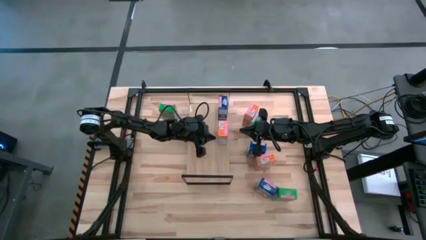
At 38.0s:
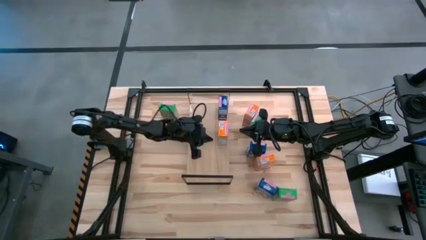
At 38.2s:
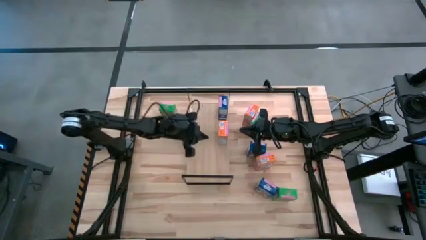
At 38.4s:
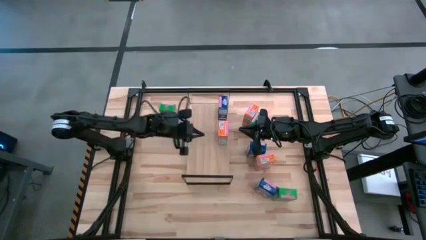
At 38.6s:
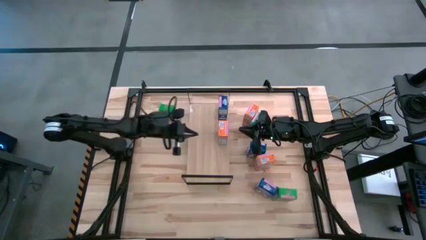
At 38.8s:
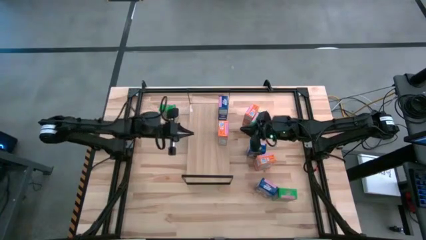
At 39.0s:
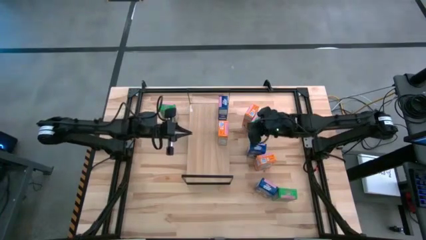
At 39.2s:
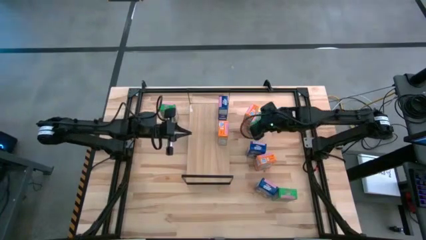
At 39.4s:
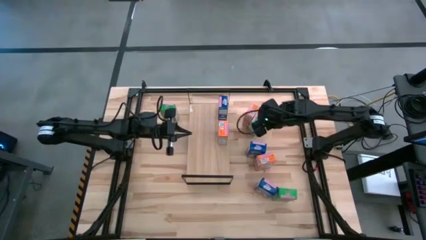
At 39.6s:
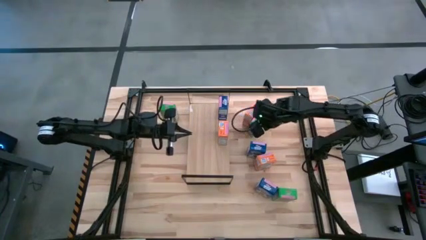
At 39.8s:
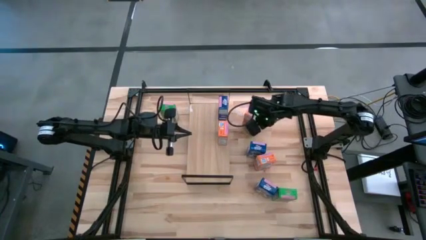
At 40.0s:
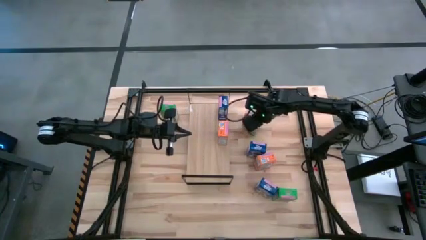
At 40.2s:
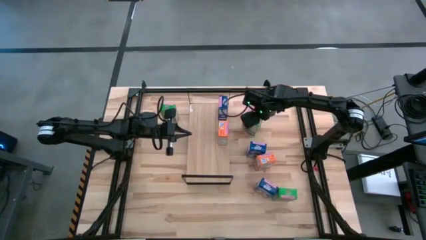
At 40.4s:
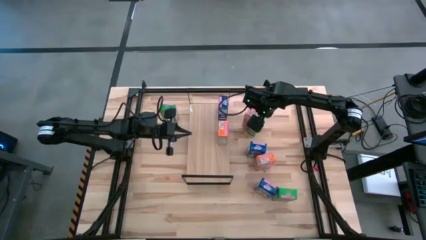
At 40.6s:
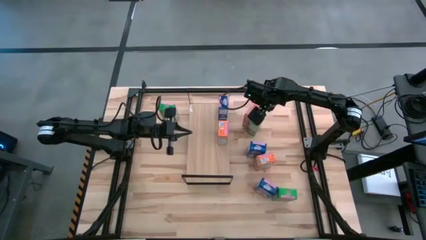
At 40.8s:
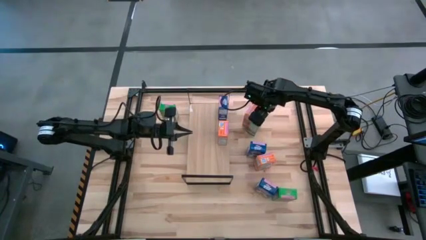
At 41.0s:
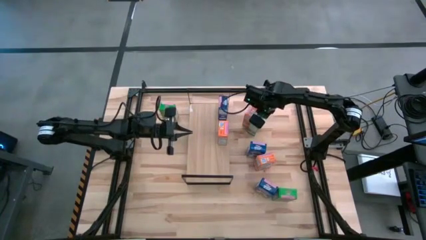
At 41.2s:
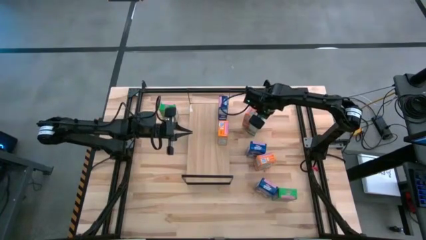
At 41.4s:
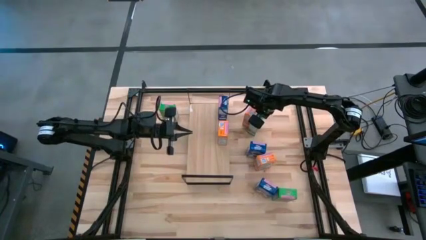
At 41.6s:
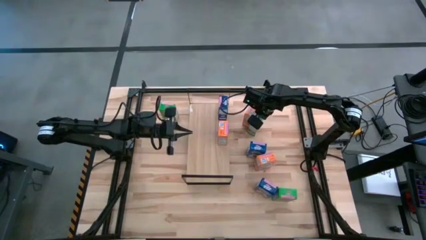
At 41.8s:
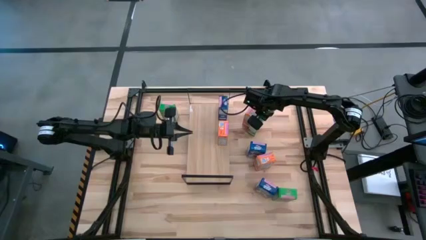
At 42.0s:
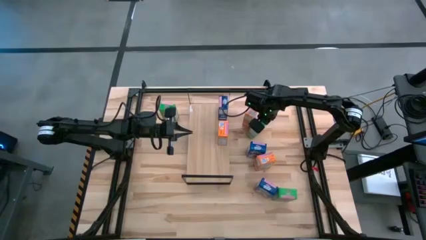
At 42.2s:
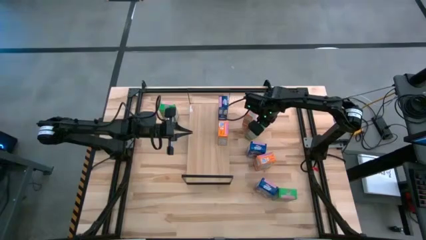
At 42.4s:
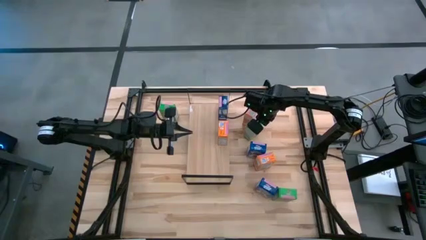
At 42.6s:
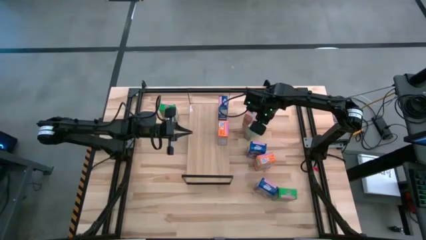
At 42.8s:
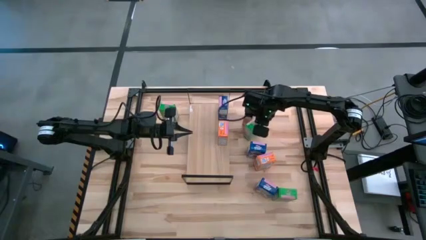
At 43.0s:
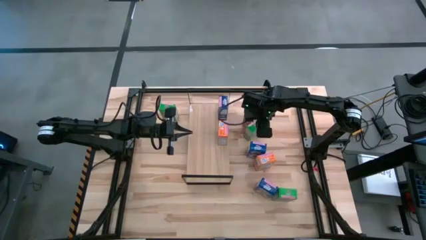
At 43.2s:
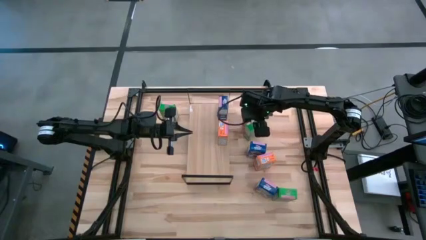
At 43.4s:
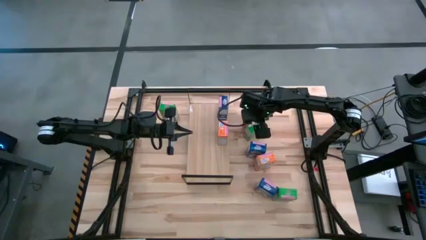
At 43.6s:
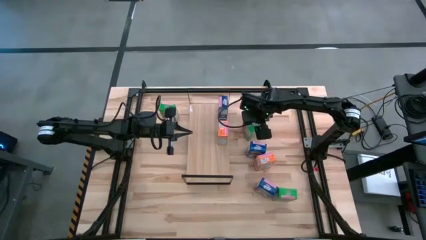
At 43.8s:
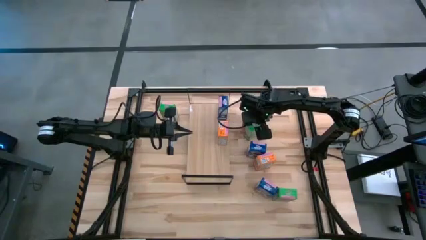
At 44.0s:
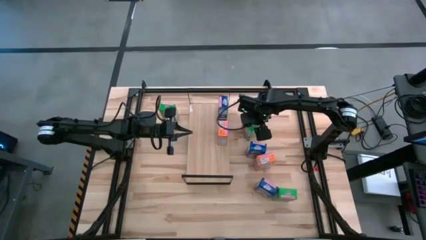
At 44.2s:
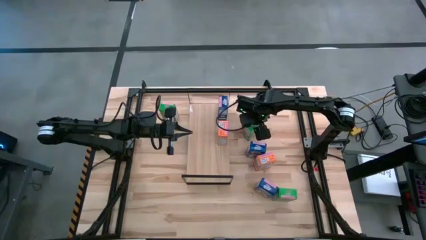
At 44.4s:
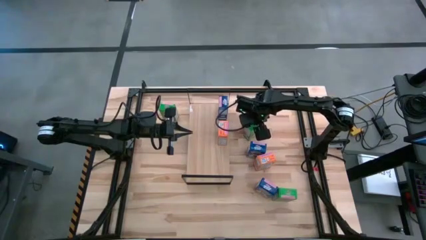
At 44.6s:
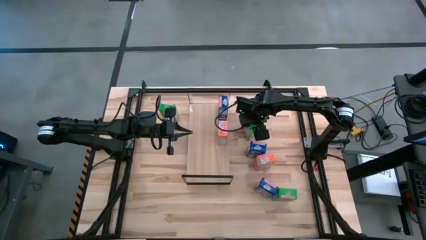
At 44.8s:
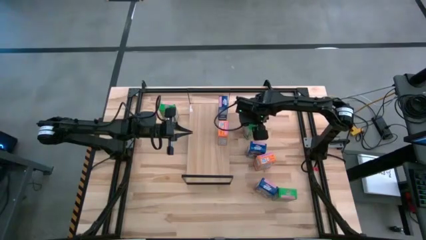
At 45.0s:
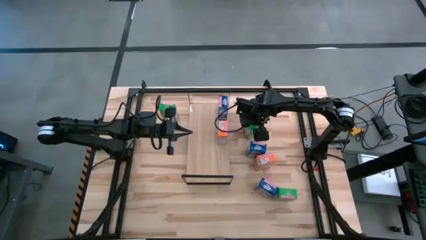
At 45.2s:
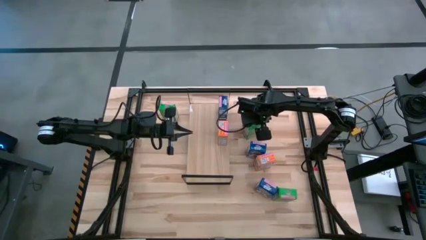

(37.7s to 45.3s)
Task: Stack cereal on shelf
Put the top right green cereal box on the shelf

- [Work required] Restate the data word for word while omitting each picture.

- [Result]
At 38.0s:
At 38.2s:
At 38.4s:
At 38.6s:
At 38.8s:
At 39.0s:
At 39.2s:
At 39.4s:
At 39.6s:
At 39.8s:
At 40.0s:
At 40.2s:
At 40.4s:
At 40.6s:
At 40.8s:
At 41.0s:
At 41.2s:
At 41.4s:
At 41.6s:
At 41.8s:
At 42.0s:
At 42.2s:
At 42.4s:
At 42.6s:
At 42.8s:
At 43.0s:
At 43.2s:
At 43.4s:
At 43.6s:
At 43.8s:
At 44.0s:
At 44.2s:
At 44.4s:
At 44.6s:
At 44.8s:
At 45.0s:
At 45.2s:

(37.7s to 45.3s)
Task: Stack cereal on shelf
Put the top right green cereal box on the shelf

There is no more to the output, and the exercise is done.